Unfortunately here in Middle Tennessee we don't get enough snow to actually study it and paint it on a regular basis so when I paint snow it is less from experience and a knowledge of how it should appear in any given situation and more on trying to paint what my eyes tell me I am seeing. If you want to see some painters who have studied it and been exposed check out Clyde Aspevig, Matt Smith, Skip Whitcomb and Marc Hansen. Clyde Aspevig has a couple of ice paintings on his web site right now that when I have them up on my Macbook I have to go cut the thermostat up because the temperature in the house drops 10 degrees.

Thursday, January 7, 2010

Snow?



Snow! As I was standing in my kitchen staring out the window and pouting because it didn't snow, it started snowing.

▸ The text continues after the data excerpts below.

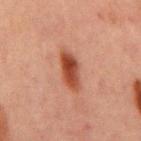| feature | finding |
|---|---|
| follow-up | catalogued during a skin exam; not biopsied |
| TBP lesion metrics | a border-irregularity rating of about 2.5/10 and a within-lesion color-variation index near 5/10 |
| lesion size | ~5 mm (longest diameter) |
| patient | male, approximately 65 years of age |
| anatomic site | the abdomen |
| lighting | cross-polarized |
| image source | total-body-photography crop, ~15 mm field of view |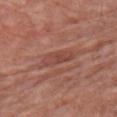follow-up = catalogued during a skin exam; not biopsied
lighting = white-light illumination
acquisition = total-body-photography crop, ~15 mm field of view
site = the right upper arm
patient = male, aged 78–82
automated lesion analysis = a lesion area of about 6 mm² and a shape eccentricity near 0.85; border irregularity of about 2 on a 0–10 scale, a within-lesion color-variation index near 3/10, and a peripheral color-asymmetry measure near 1; a lesion-detection confidence of about 95/100
lesion size = ≈3.5 mm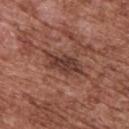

Granted, it wasn't a very big snow, but it was enough to give the landscape a few highlights here and there. I ran to Bells Bend Park because it was close and I knew the highways there would probably have been salted. Not many backroads to deal with.
Once I got out there it didn't appear to be as much snow as I had anticipated. A dusting. But seeing these small passing snowstorms in the park was beautiful. That alone was worth the trip.

No Show Snow




Lately I have been like a kid in a candy store. I recently found a place that is the kind of scrubby, agricultural landscape that I like and it is public access. It's the Poole Knobs Wildlife Management Area. A friend of mine goes there to watch bird dog field trials and had been telling me about it. I painted there Saturday, Sunday, Tuesday and Wednesday. Best of all, the weather we have had this week has been teens to mid-twenties so there was ice on the creeks and ponds. I don't get to paint ice often and it is a challenge. It has been so cold that Tuesday I painted with Jason Saunders and as I was painting the painting above with the cedar tree some kids pulled up and wanted to know if it would bother us if they played hockey on the pond! To be playing ice hockey outside in Tennessee means serious cold. We also had a forecast yesterday of 2-4 inches of snow. I haven't painted in snow in awhile so I was pumped. Woke up this morning and didn't have a flake. It was like waking up for Christmas and Santa didn't show up. Maybe we'll get some before the season's out.